Какое-то время после смерти бабушки ее квартира стояла пустая. Много лет она жила там одна.
Дедушка умер давно, в конце семидесятых. У меня шел ремонт, чего-то там покрасили, нужно было одну ночь перекантоваться. Я взял у родителей ключи от бабушкиной квартиры.
Тишина свернулась клубком, как кошка. Повсюду чудились шорохи: в квартире стариков их почему-то больше. Казалось, вот сейчас она и выйдет из кухни, бабушка. С двумя чашками на подносе, как обычно. И этими «курабье», совершенно бесподобными, хотя я знал, что они из нашей булочной за углом. Но когда я покупал их там для себя, вкус был другой, как у обычного печенья.
Но никто не вышел, и пришлось делать чай самому, и чашка одна. Я прихлебывал и не мог отделаться от ощущения тепла на затылке — так бывает, когда кто-то смотрит.

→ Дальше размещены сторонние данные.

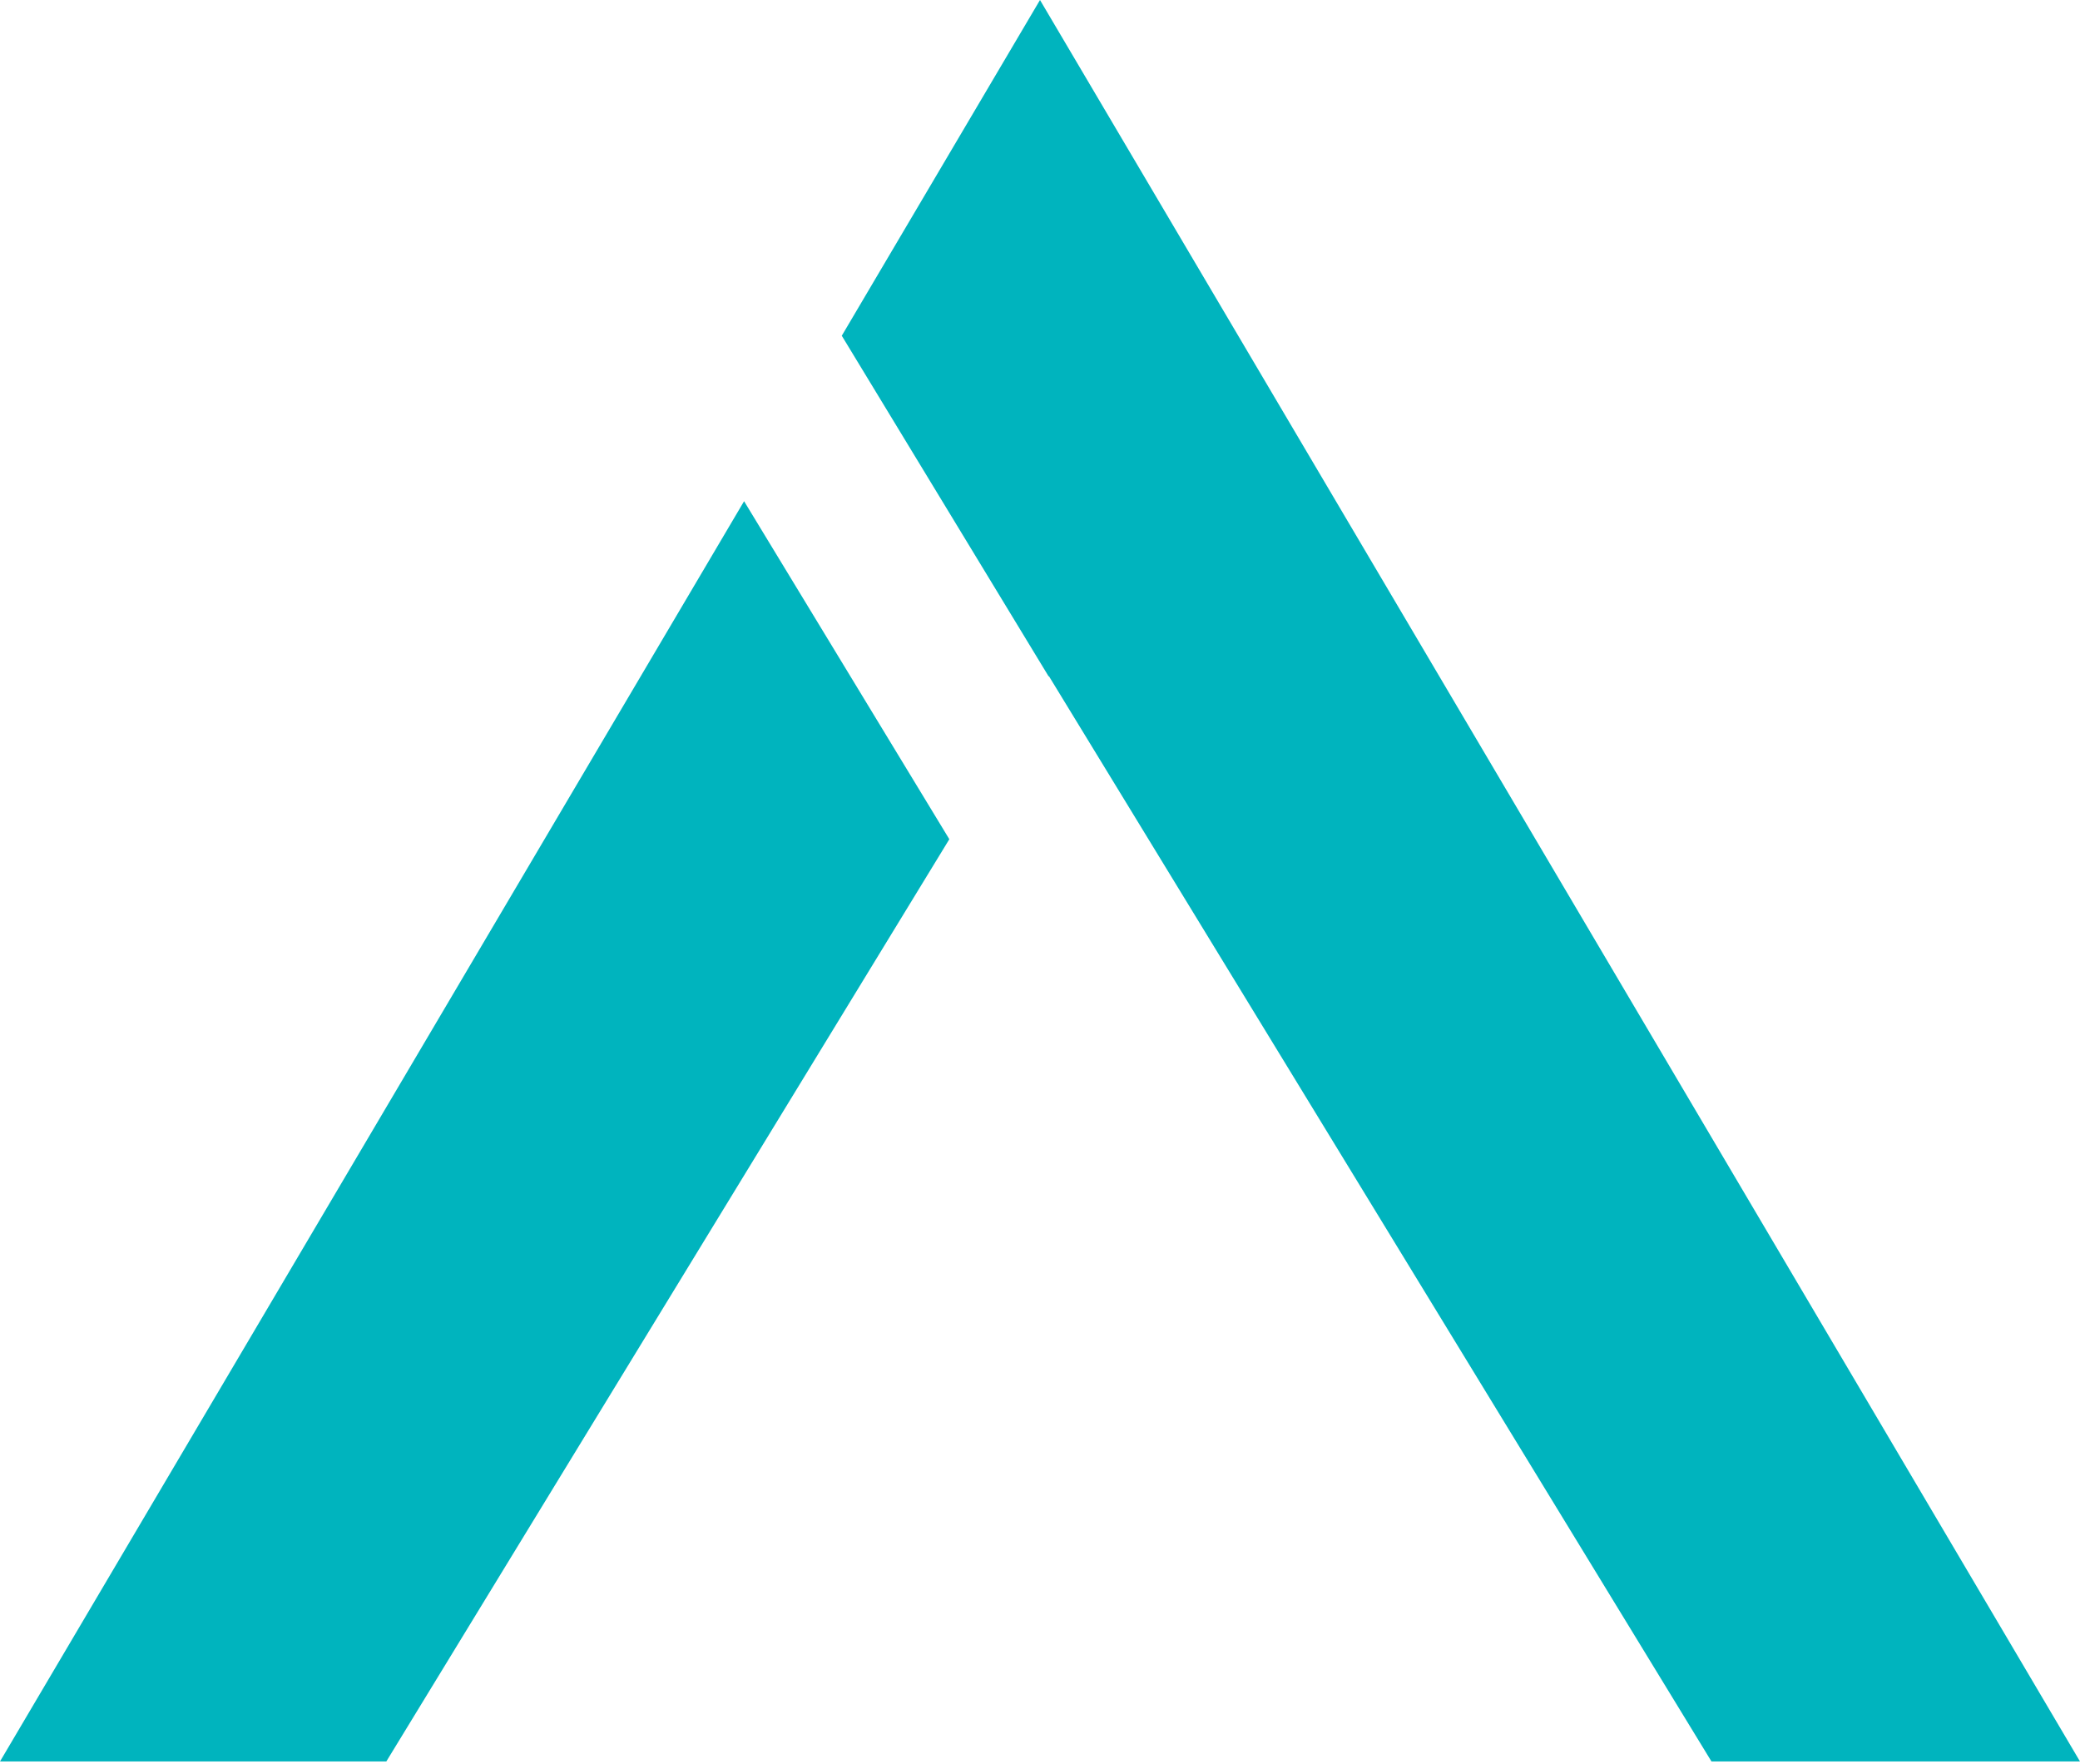 <?xml version="1.0" encoding="UTF-8"?> <svg xmlns="http://www.w3.org/2000/svg" width="493" height="418" viewBox="0 0 493 418" fill="none"> <path fill-rule="evenodd" clip-rule="evenodd" d="M246.5 0L493 417.463H405.652L248.609 160.238L248.557 160.323L199.518 79.568L246.5 0ZM176.362 118.783L0 417.463H91.565L225.009 198.892L176.362 118.783Z" fill="#00B4BE"></path> </svg>

Я оглянулся. С фотографии смотрел дедушка. Сложно представить, как бабушка жила с этим взглядом со стены много лет, если даже меня так обожгло.
У окна на кухне два грустных дерева. И сейчас, летом, грустных, что же тогда будет осенью. Бабушка любила кухню, подолгу там сидела.
На ветке раскачивалась ворона и недоуменно всматривалась: она меня не узнавала. Шторы у стариков обычно раздвинуты. Наверное, чтобы не напоминали о том главном занавесе, который близко.
Полночи я пролежал, глядя в потолок. Из крана на кухне капала вода. Я не встал, чтобы крепче его завернуть. Хоть какой-то звук.
Любимые наши бабушки. Простите внуков. За то, что нам не суждено вас понять.